Your objective:
Pull out every line with the word "longitude" from the entries below.

Segment Start: Dataset

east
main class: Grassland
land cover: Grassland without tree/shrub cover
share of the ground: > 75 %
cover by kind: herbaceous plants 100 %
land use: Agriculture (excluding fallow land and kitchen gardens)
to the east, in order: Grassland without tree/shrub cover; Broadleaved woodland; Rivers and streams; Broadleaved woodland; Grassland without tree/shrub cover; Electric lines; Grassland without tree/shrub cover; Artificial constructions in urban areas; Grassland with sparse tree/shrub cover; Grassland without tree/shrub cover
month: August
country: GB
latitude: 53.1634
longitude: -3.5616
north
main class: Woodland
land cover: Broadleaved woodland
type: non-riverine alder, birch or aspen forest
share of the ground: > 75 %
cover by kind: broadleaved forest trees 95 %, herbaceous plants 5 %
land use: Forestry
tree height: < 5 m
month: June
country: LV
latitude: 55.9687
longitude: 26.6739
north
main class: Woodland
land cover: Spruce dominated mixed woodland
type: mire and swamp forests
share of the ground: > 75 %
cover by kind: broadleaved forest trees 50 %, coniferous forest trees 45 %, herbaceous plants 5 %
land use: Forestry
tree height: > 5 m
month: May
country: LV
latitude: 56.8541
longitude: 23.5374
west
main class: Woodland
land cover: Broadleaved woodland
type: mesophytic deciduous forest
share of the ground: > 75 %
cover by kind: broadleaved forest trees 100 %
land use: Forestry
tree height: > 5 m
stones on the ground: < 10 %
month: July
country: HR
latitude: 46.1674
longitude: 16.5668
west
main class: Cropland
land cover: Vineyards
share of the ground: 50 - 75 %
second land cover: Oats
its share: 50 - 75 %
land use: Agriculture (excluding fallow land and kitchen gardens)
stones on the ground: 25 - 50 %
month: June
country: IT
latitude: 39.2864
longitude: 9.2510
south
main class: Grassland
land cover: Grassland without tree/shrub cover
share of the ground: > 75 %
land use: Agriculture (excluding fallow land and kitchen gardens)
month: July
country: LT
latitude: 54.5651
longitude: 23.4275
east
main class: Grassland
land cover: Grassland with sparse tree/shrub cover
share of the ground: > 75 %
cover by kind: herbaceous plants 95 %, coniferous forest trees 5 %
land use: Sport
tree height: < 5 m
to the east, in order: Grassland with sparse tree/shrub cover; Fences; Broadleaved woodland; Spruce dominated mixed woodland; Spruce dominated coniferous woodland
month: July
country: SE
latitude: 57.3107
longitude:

Segment End: Dataset

Problem solution:
longitude: -3.5616
longitude: 26.6739
longitude: 23.5374
longitude: 16.5668
longitude: 9.2510
longitude: 23.4275
longitude:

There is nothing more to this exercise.